• [WHAT TO DO]: Make an exact copy of the lines from the one containing "དེ་ཉིད་ལས། ཨ་བེ་ཤ་ཡ་ནི་ཀུན་ཏུ་ཕོབ་ཅིག། སྟམ་" to the end of the records below, and leave out everything else.

• [DATA SHOWN]:
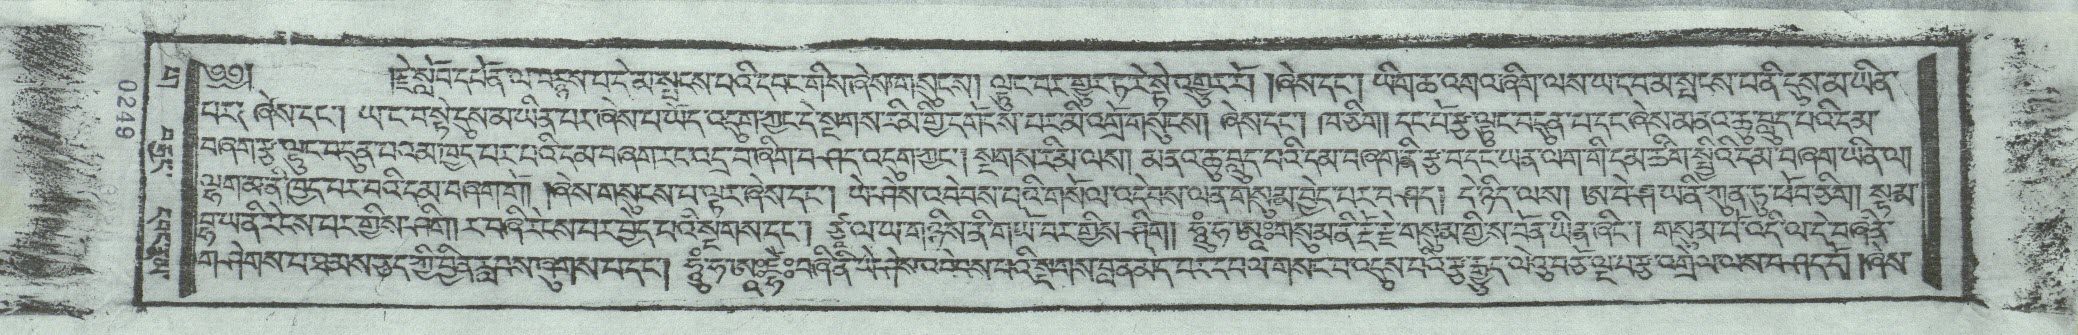༄༅། །རྗེ་སློབ་དཔོན་ལ་བརྙས་པ་དེ་མ་སྤངས་པའི་དབང་གིས་ཞེས་གསུངས། ལྟུང་བར་གྱུར་ཏ་རེ་སྟེ་འགྱུར་རོ། །ཞེས་དང་། ཡིག་ཆ་འགའ་ཞིག་ལས་ཡང་བ་མ་སྤངས་པ་ནི་དུས་མ་ཡིན་
པར༑ ཞེས་དང་། ཡང་བ་སྟེ་དུས་མ་ཡིན་པར་ཞེས་པ་ཡོད་འདུག་ཀྱང་དེ་སྔགས་རིམ་གྱི་དགོངས་པར་མི་འགྲོ་གསུངས། ཞེས་དང་། ཁ་ཅིག། དང་པོ་རྩ་ལྟུང་བདུན་པ་དང་ཞེས་མནའ་ཆུ་བླུད་པའི་དམ་
བཞག་རྩ་ལྟུང་བདུན་པའམ་ཁྱད་པར་པའི་དམ་བཞག་རང་འདྲ་བ་ཞིག་བཤད་འདུག་ཀྱང་། སྔགས་རིམ་ལས། མནའ་ཆུ་བླུད་པའི་དམ་བཞག་ནི་རྩ་བ་དང་ཡན་ལག་གི་དམ་ཚིག་སྤྱིའི་དམ་བཞག་ཡིན་ལ།
ལྷག་མ་ནི་ཁྱད་པར་བའི་དམ་བཞག་གོ། །ཞེས་གསུངས་པ་ལྟར་ཞེས་དང་། ཡེ་ཤེས་འབེབས་པའི་གསོལ་འདེབས་ལན་གསུམ་བྱེད་པར་བཤད། དེ་ཉིད་ལས། ཨ་བེ་ཤ་ཡ་ནི་ཀུན་ཏུ་ཕོབ་ཅིག། སྟམ་
བྷ་ཡ་ནི་རེངས་པར་གྱིས་ཤིག། ར་བཞི་རེངས་པར་བྱེད་པའི་སྔགས་དང་། ཙཱ་ལ་ཡ་གཉིས་ནི་གཡོ་བར་གྱིས་ཤིག། ཧཱུཾ་ཧ་ཨཱཿགསུམ་ནི་རྡོ་རྗེ་གསུམ་གྱི་ས་བོན་ཡིན་ཞིང་། གསུམ་པོ་འདི་ལ་དེ་བཞིན་
གཤེགས་པ་ཐམས་ཅད་ཀྱི་བྱིན་རླབས་ཞུགས་པ་དང་། ཧཱུཾ་ཧ་ཨཱཿཛྷཻཿབཞི་ནི་ཡེ་ཤེས་འབེབས་པའི་སྔགས་བླ་ན་མེད་པར་དཔལ་གསང་བ་འདུས་པའི་རྩ་རྒྱུད་ལེའུ་བཅོ་ལྔ་པ་རྩ་འགྲེལ་ལས་བཤད་དོ། །ཞེས་

• [EXERCISE ANSWER]:
ལྷག་མ་ནི་ཁྱད་པར་བའི་དམ་བཞག་གོ། །ཞེས་གསུངས་པ་ལྟར་ཞེས་དང་། ཡེ་ཤེས་འབེབས་པའི་གསོལ་འདེབས་ལན་གསུམ་བྱེད་པར་བཤད། དེ་ཉིད་ལས། ཨ་བེ་ཤ་ཡ་ནི་ཀུན་ཏུ་ཕོབ་ཅིག། སྟམ་
བྷ་ཡ་ནི་རེངས་པར་གྱིས་ཤིག། ར་བཞི་རེངས་པར་བྱེད་པའི་སྔགས་དང་། ཙཱ་ལ་ཡ་གཉིས་ནི་གཡོ་བར་གྱིས་ཤིག། ཧཱུཾ་ཧ་ཨཱཿགསུམ་ནི་རྡོ་རྗེ་གསུམ་གྱི་ས་བོན་ཡིན་ཞིང་། གསུམ་པོ་འདི་ལ་དེ་བཞིན་
གཤེགས་པ་ཐམས་ཅད་ཀྱི་བྱིན་རླབས་ཞུགས་པ་དང་། ཧཱུཾ་ཧ་ཨཱཿཛྷཻཿབཞི་ནི་ཡེ་ཤེས་འབེབས་པའི་སྔགས་བླ་ན་མེད་པར་དཔལ་གསང་བ་འདུས་པའི་རྩ་རྒྱུད་ལེའུ་བཅོ་ལྔ་པ་རྩ་འགྲེལ་ལས་བཤད་དོ། །ཞེས་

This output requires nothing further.